Malaria infection could be eliminated from the population if

  1. 1.

    a proportion \(p > 1 - 1/{R_0}^2\) of the susceptible human population uses nets to protect themselves from the biting of infected mosquitoes, or

  2. 2.

    a proportion \(q > 1 - 1/{R_0}^2\) of the infected human population uses nets to prevent susceptible mosquitoes from getting infected while taking its meals from the infected humans, or

  3. 3.

    a proportion \(\hat{p} > 1-{1}/{R_0}\) of the total human population uses nets to prevent the incidence of new infections.

7 Summary and Conclusion

As malaria is one of the most serious health problems facing the world today, several studies have been made in an attempt to understand its dynamics and predict what may happen and then suggest strategies to eliminate it [3, 8, 10, 12, 15, 21, 22].

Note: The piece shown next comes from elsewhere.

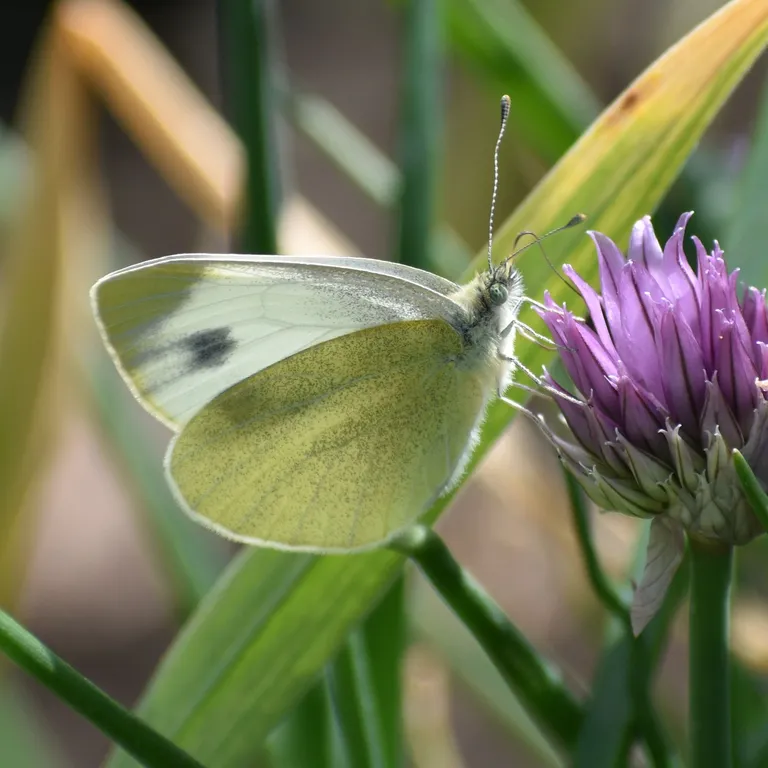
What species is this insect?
Pieris mannii
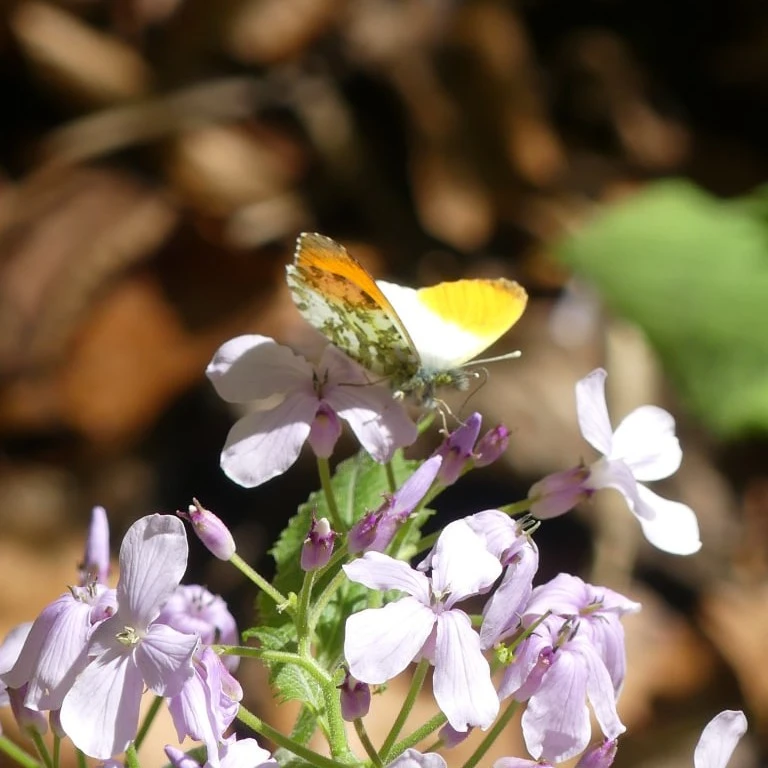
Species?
Anthocharis cardamines
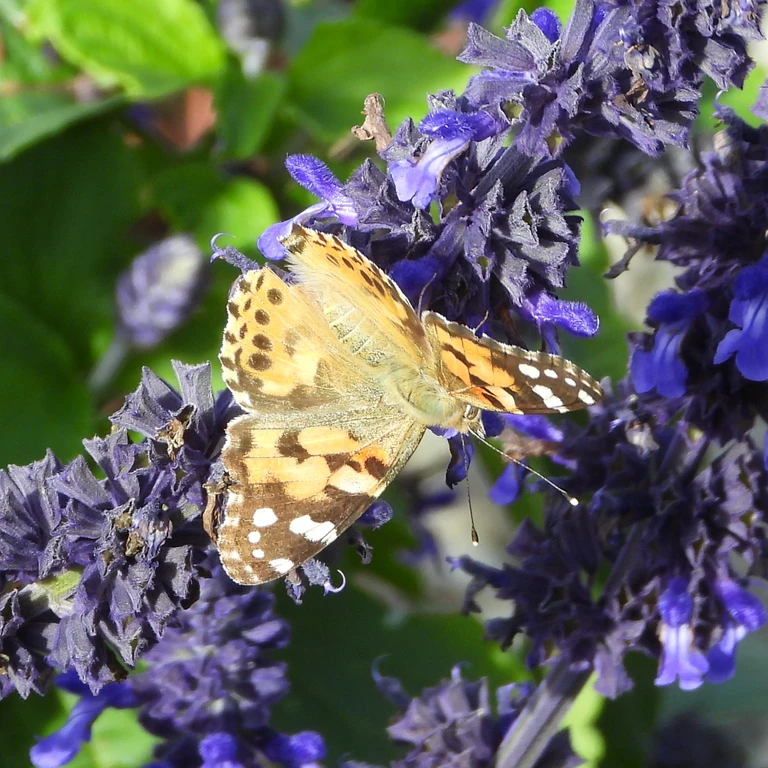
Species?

In this paper, a deterministic model (SIS for humans and SI for mosquitoes) has been studied. Both the human and mosquito populations are of varying size. Though it’s simple, the model shows interesting dynamics. Its analysis shows that in addition to the infection-free equilibrium (denoted by \(E_0\)) two endemic equilibria exist. One of them (denoted by \(E^{+}\) and has high level of endemic infection) exists forever, while the other (denoted by \(E^{-}\) and has low level of endemic infection) exists only if \(R_0 > 1\). The analysis shows further that \(E_0\) is globally stable if \(R_0 < 1\) and is unstable if \(R_0>1\), while \(E^{+}\) is unstable but \(E^{-}\) is globally stable whenever they exist. Thus any control strategy aiming to eliminate malaria should consider the inequality \(R_0 < 1\). In other words, reducing \(R_0\) to slightly below one is not only a necessity but a sufficient condition to eliminate malaria.

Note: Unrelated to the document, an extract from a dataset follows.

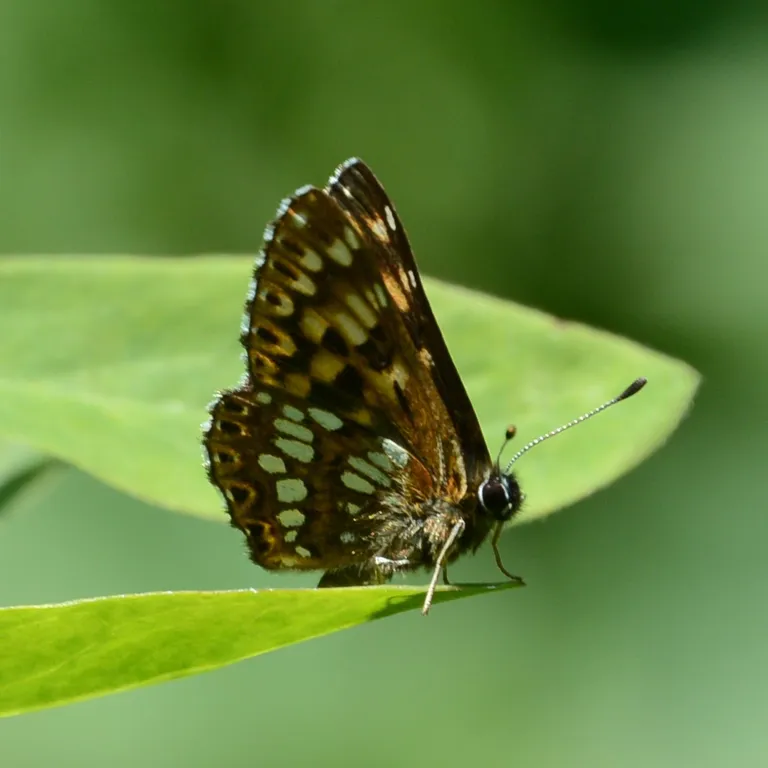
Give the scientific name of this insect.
Hamearis lucina
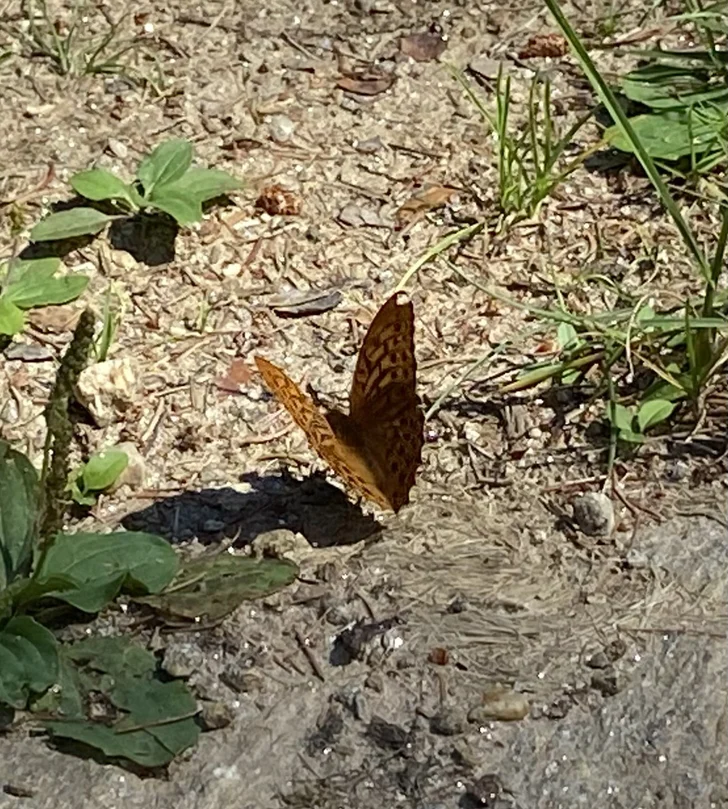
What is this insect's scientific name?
Argynnis paphia

Since malaria is preventable (i.e., preventing the recruitment of new infections), our model has been modified to study the possibility to eliminate malaria using nets. The analysis shows that there are three scenarios to eliminate malaria. The first is that a proportion \(p > 1- 1/{R_0}^2\) of the susceptible human population uses nets to protect themselves from the bites of infected mosquitoes. This scenario is applicable if the total number of infected humans is much bigger than that of the susceptible human population. The second is that a proportion \(q > 1- 1/{R_0}^2\) of the infected humans should use nets to prevent the transmission of infection to susceptible mosquitoes while taking its meals. This is applicable if the number of infected humans is much less than that of susceptible human population. Finally, if the proportion of infected humans is close to 50 % then a proportion \(\hat{p} > 1- 1/{R_0}\) of the total human population should use bed nets as barriers to prevent the transmission of malaria to new cases.

On the other hand, the impact of malaria fatality on the demography of the host has been investigated. It has been shown that malaria case fatality could stop the growth of the host if the model parameters are such that the critical proportional fatality \(c^\star \in [0, 1]\).